Don't iphones have a function where it wipes the device when you type in your code wrong to many times? Its been a few years since I've used one.

Yes, but you need to activate it yourself in the settings. It's only really useful if you've got seriously sensitive info on your phone (legal or otherwise). For a regular user who doesn't have anything more incriminating than some of their girlfriend's nudes, it's probably more likely an avenue for someone to troll you by wiping your phone when you put it down at a party or something.

C.M. Kruger
Oct 28, 2013
Plus there are all the backdoors Apple has built into their devices. And SIGINT stuff like Stingray or Triggerfish. :can:

GOTTA STAY FAI
Mar 24, 2005

~no glitter in the gutter~
~no twilight galaxy~
College Slice
I dunno how it is in other countries, but here in the U.S., most police departments have a kit that lets them break into any phone regardless of what security you put on it. Even the podunk rural povertyland municipal PD in my town has one. Sometimes it takes a while to crack something open, but it's just a matter of the detective plugging it in, starting the software, and going to lunch or whatever.

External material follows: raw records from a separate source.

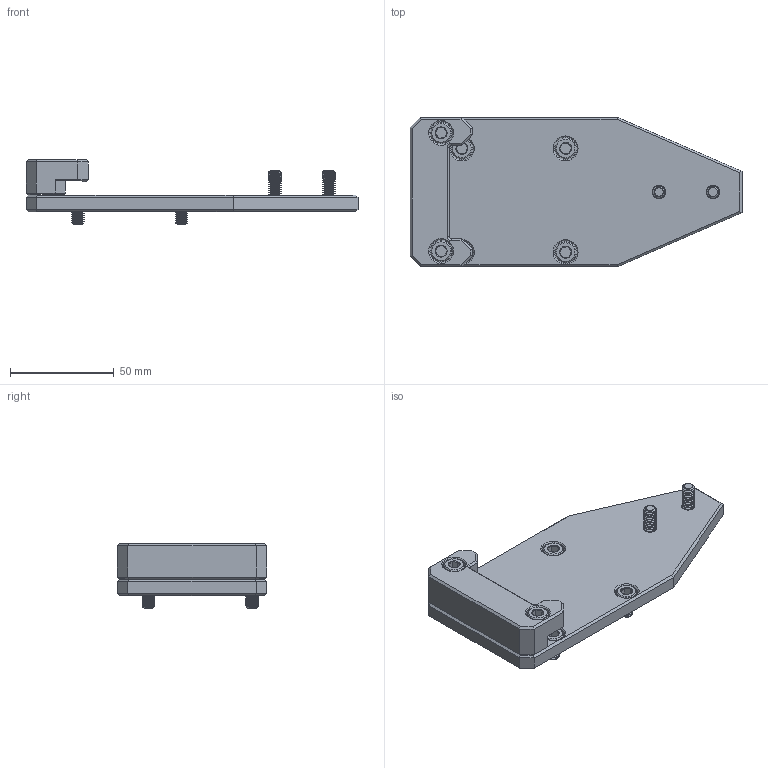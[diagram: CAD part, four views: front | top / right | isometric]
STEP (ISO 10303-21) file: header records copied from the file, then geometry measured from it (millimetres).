
FILE_DESCRIPTION (( 'STEP AP214' ), '1' );
FILE_NAME ('1225-11115 - Rev01 .step', '2019-07-15T14:09:51', ( '' ), ( '' ), 'SwSTEP 2.0', 'SolidWorks 2019', '' );
FILE_SCHEMA (( 'AUTOMOTIVE_DESIGN' ));
Length unit declared in the file: millimetre
Products named in the file (6): 1225-11107; 1225-11115 - Rev01 ; 1225-11116; 1225-11117; 1225-10971; 1225-10972
Assembly tree (10 placements, depth 2):
  1225-11115 - Rev01 
    1225-10971
    1225-10972
    1225-11116  x4
    1225-11107  x2
    1225-11117  x2
Bounding box: 160 x 72 x 31 mm (x, y, z)
Volume: 102753 mm3; surface area: 36705.3 mm2
Topology: 10 solids, 10 shells, 758 faces, 1960 edges, 1244 vertices
Faces by surface type: cylinder 446, plane 176, cone 120, bspline 16
Entity records: 16367 total; most frequent: CARTESIAN_POINT 7429, ORIENTED_EDGE 2018, DIRECTION 1609, EDGE_CURVE 1009, VERTEX_POINT 636, AXIS2_PLACEMENT_3D 562, VECTOR 485, LINE 485
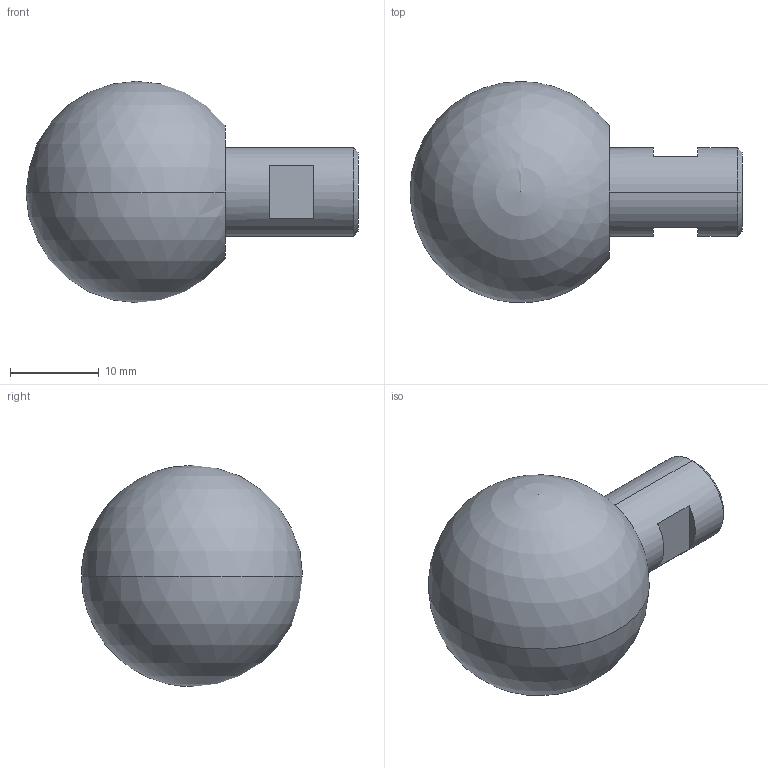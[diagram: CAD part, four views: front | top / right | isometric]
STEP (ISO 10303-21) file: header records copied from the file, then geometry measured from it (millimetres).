
FILE_DESCRIPTION (( 'STEP AP203' ), '1' );
FILE_NAME ('SF-K0726-060.STEP', '2025-03-12T06:55:13', ( '微软用户' ), ( '微软中国' ), 'SwSTEP 2.0', 'SolidWorks 2016', '' );
FILE_SCHEMA (( 'CONFIG_CONTROL_DESIGN' ));
Length unit declared in the file: millimetre
Products named in the file (1): SF-K0726-060
Bounding box: 37.5 x 24.97 x 25 mm (x, y, z)
Volume: 8778.9 mm3; surface area: 2652 mm2
Topology: 1 solids, 1 shells, 20 faces, 45 edges, 27 vertices
Faces by surface type: plane 8, cone 6, cylinder 4, sphere 2
Entity records: 587 total; most frequent: DIRECTION 100, CARTESIAN_POINT 83, ORIENTED_EDGE 76, AXIS2_PLACEMENT_3D 41, EDGE_CURVE 38, EDGE_LOOP 24, VERTEX_POINT 24, FACE_OUTER_BOUND 20

A younger and rowdier Fai would argue that such a thing is an invasion of privacy, but our PD recently used it to take down a CP ring, so I'm all for it. :nms:One dude had CP of his own daughter on his phone:nms:

Proteus Jones
Feb 28, 2013



C.M. Kruger posted:

Plus there are all the backdoors Apple has built into their devices. And SIGINT stuff like Stingray or Triggerfish. :can:

Apple hasn't had the ability to unlock full device encryption for at least the last two iterations of the phone hardware/OS. And unless you *specifically* escrow your key with them via iCloud, they've never been able to recover an OS X drive encrypted via FileVault. That's one reason all the law enforcement agencies, from local all they way up to the Federal TLAs, are trying get the legislators to pass laws to allow the government to compel Apple and Google to bake a back door into the latest generation phones and OSes.

Hell, there have been slide-decks leaked from law enforcement meetings bitching and moaning about the fact they can't just hook up a device and siphon data from the phones anymore.

But please tell me all about how full device encryption using AES-256 is easily compromised. :nallears:

Exit Strategy
Dec 10, 2010

by sebmojo

flosofl posted:

Then there's a poo poo-heels at the US Border Patrol. I think they still have the "give us your password, or we'll just take your computer and maybe give it back to you... one day..."

Three passwords, three logins. There's my 'real', regular one that's my standard login - Unrelated to my real name, my aging handle from way back in the bad old days of BBS. There's the innocuous 'TSA/CBP wants to verify that my computer is a computer' account, uses first-initial-last-name, that has a handful of licensed apps and is logged into my Google account on Chrome. Then there's initials-punctuation-numberstring. Log into that one and it escalates to root in the background and erases the private key for decrypting the SSD then issues a reboot command.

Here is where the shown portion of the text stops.